Flight Controller Setup and Calibration w/ QGC
In this section we’ll walk through the final steps of loading firmware and calibrating your drone before your first flight.
QGroundControl (QGC)
Ground control software is used for configuration and monitoring of your AVR drone. We
will be using QGroundControl as our ground control software of choice throughout AVR.
With QGC you can upload firmware, configure flight modes, calibrate sensors and much
more. It also provides different ways of controlling the drone, such as an autonomous
mission planner.
QGC can be downloaded and installed on Windows, Mac, and Linux operating systems. You
can find the necessary installer by going to the
downloads page.
Using the daily build, follow the steps
here
for your operating system.
Go ahead and install QGC before proceeding to the next section.
Note
For Ubuntu 22.04 users, you may need to
additionally install libfuse2
before the AppImage will work:
sudo apt install libfuse2
The following sections will guide you through the process of using QGC to set up your
FC. Let’s get started!
1 - PX4 Firmware
Uploading PX4 firmware using QGC
PX4 is firmware that we will be running on the AVR drone. It is an
open-source flight stack containing all the software necessary to get your drone into
the air.
To facilitate some of the extra functionality required for our drone to fly in
stabilized flight mode without a GPS, you will need a custom version of PX4 Bell
engineers have developed.
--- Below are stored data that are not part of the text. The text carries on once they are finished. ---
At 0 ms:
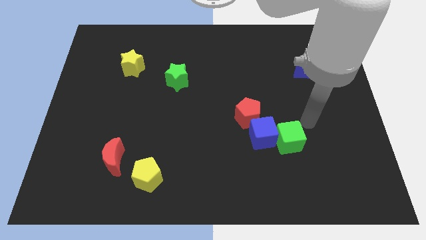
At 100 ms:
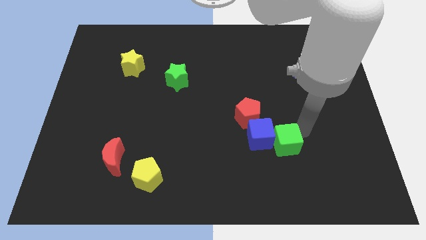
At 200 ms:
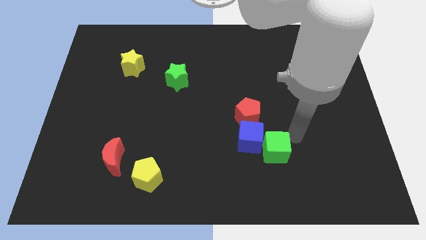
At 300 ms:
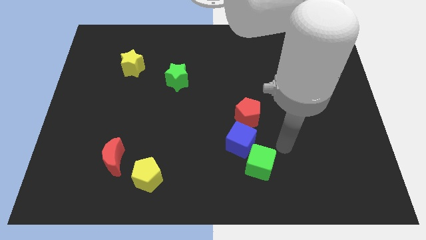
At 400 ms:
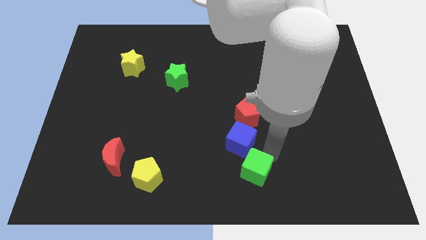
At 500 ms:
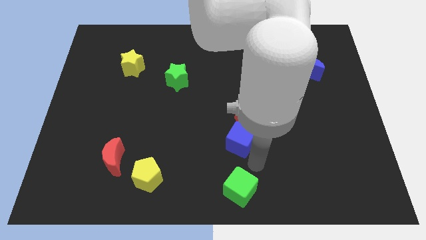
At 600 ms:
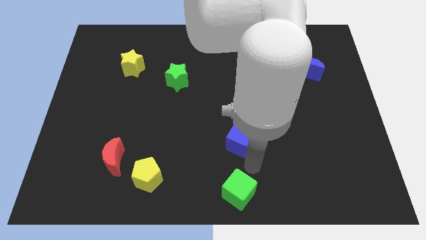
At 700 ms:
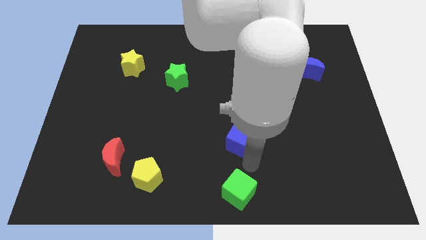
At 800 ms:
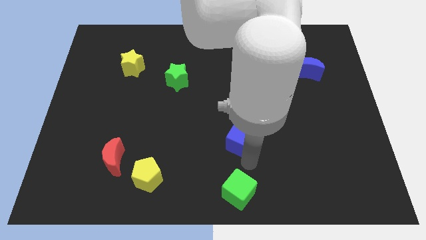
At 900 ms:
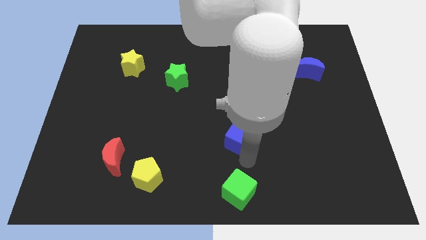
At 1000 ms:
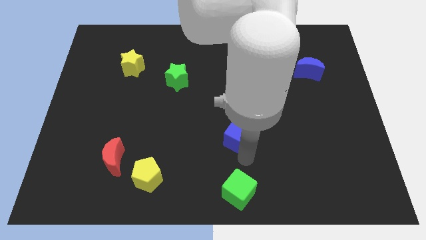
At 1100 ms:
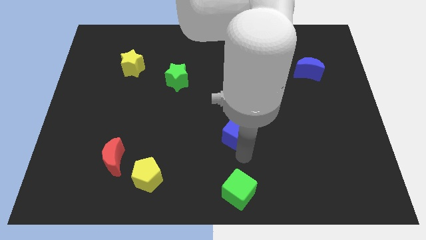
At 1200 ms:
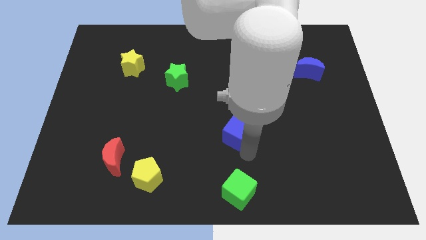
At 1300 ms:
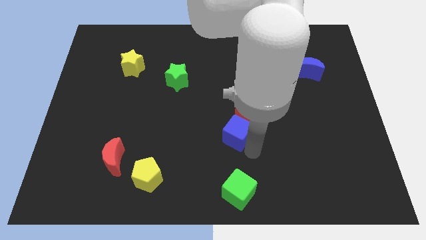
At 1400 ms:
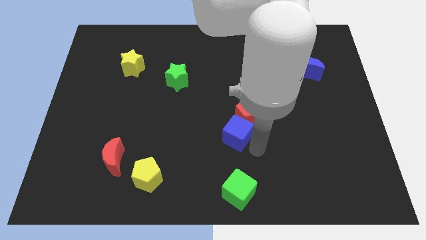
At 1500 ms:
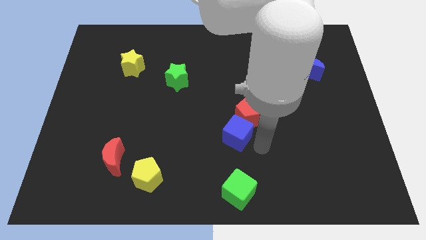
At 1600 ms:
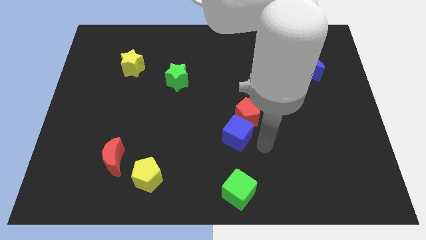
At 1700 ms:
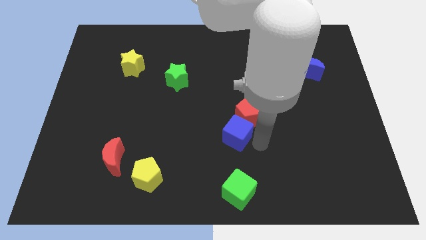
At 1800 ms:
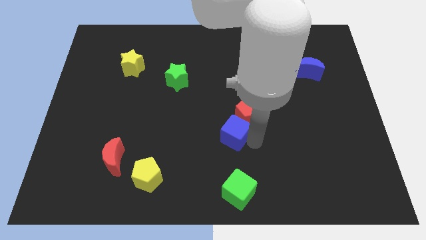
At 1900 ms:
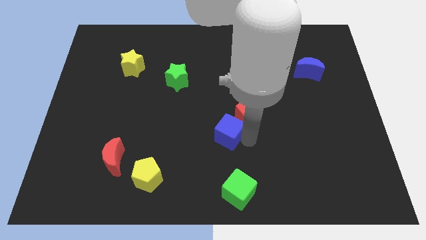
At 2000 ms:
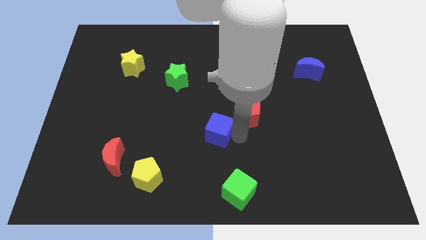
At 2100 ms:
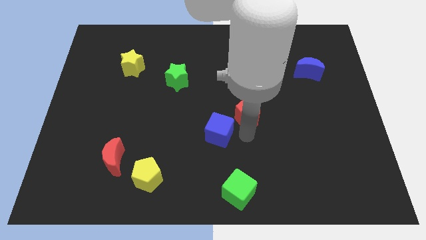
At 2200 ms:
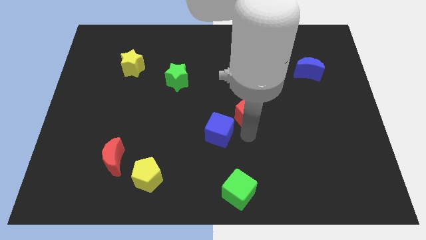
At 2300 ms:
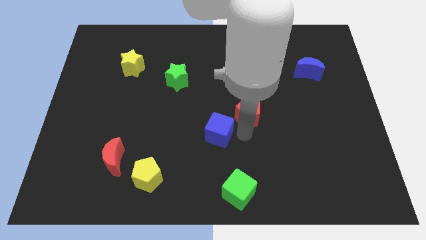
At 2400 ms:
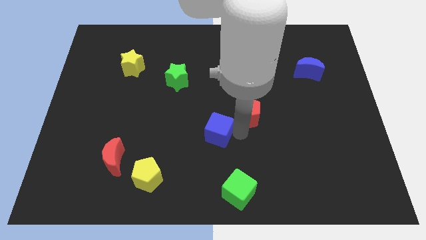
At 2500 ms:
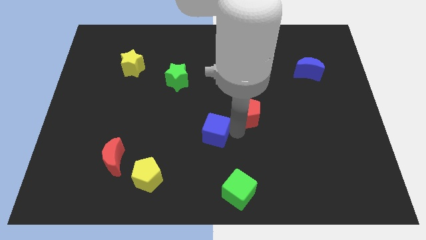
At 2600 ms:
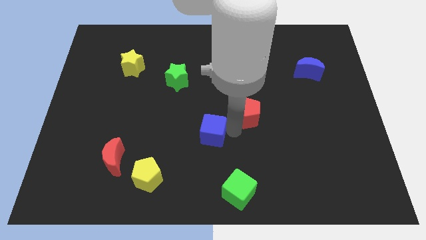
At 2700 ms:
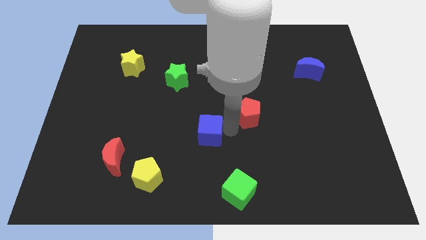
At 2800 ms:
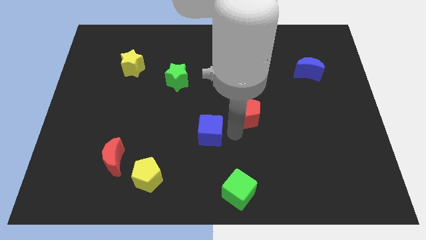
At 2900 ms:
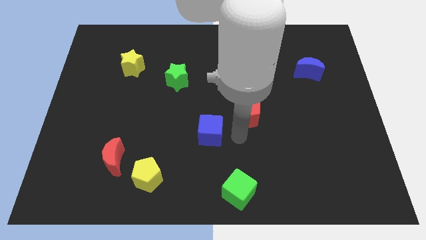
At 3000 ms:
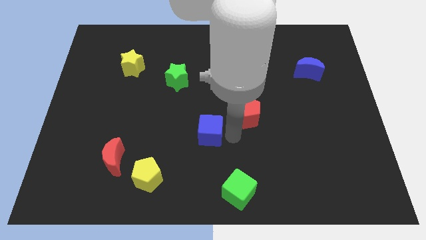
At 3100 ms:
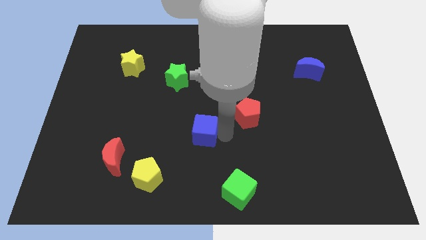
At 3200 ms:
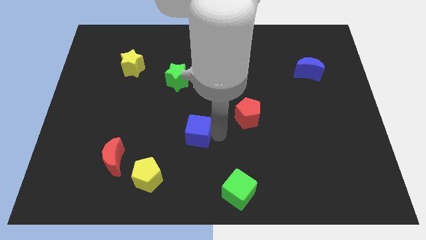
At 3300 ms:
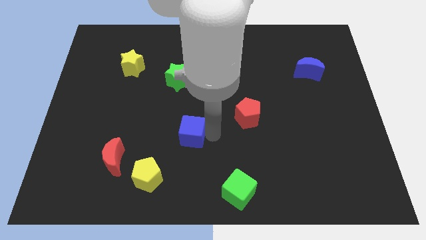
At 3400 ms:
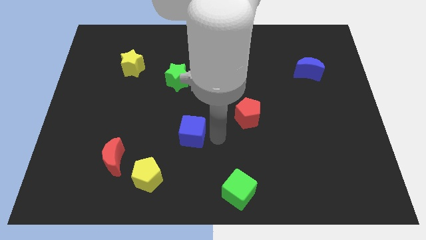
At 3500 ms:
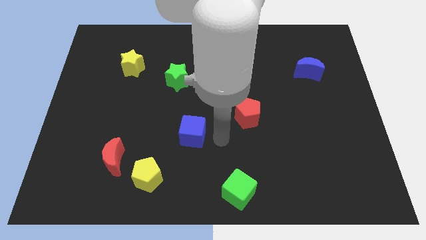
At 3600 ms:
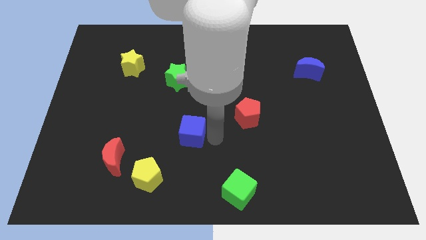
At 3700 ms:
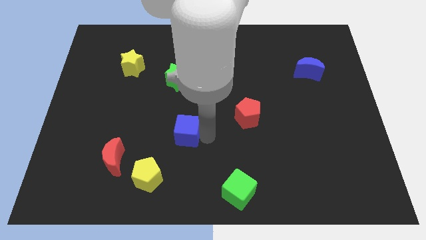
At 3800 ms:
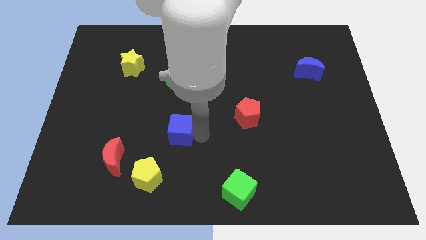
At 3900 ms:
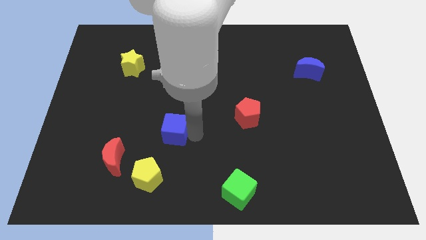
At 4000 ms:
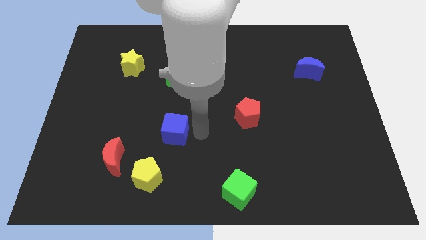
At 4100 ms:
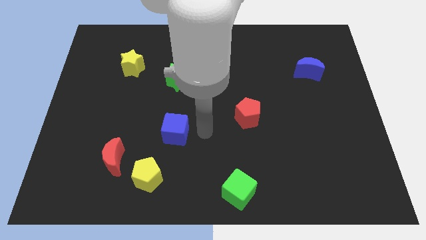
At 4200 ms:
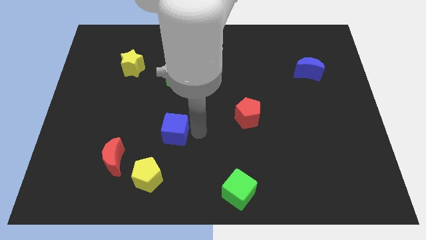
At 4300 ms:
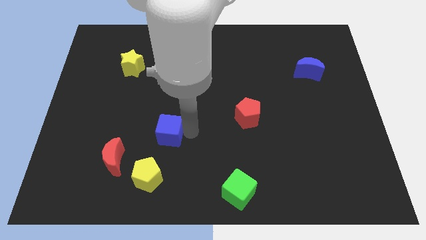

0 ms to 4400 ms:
push the blue cube left

Go to the latest
AVR PX4 release and
download the px4_fmu-v6c_default.<px4 version>.<hash>.px4
file.
Note
Be sure you grab the correct 6c firmware,
there will also be a 6x build, px4_fmu-v6x_default
, but that is for a different flight
controller and is NOT to be used.
In the Firmware screen in QGroundControl you can upload a new version of PX4. To access
the firmware screen make sure to click on the Q logo in the top left of the screen and
then click on Vehicle Setup > Firmware. You will see the following screen.
![Firmware upload screen in QGC](https://the-avr.github.io/AVR-Docs/flight-controller-setup-and-calibration/px4-firmware/qgc_firmware_default.png)
Firmware upload screen in QGC
Note
Make your FC is NOT plugged in when
accessing the firmware setup screen. First access the firmware screen and THEN plug
in your FC. It will recognize the connection and initiate the process.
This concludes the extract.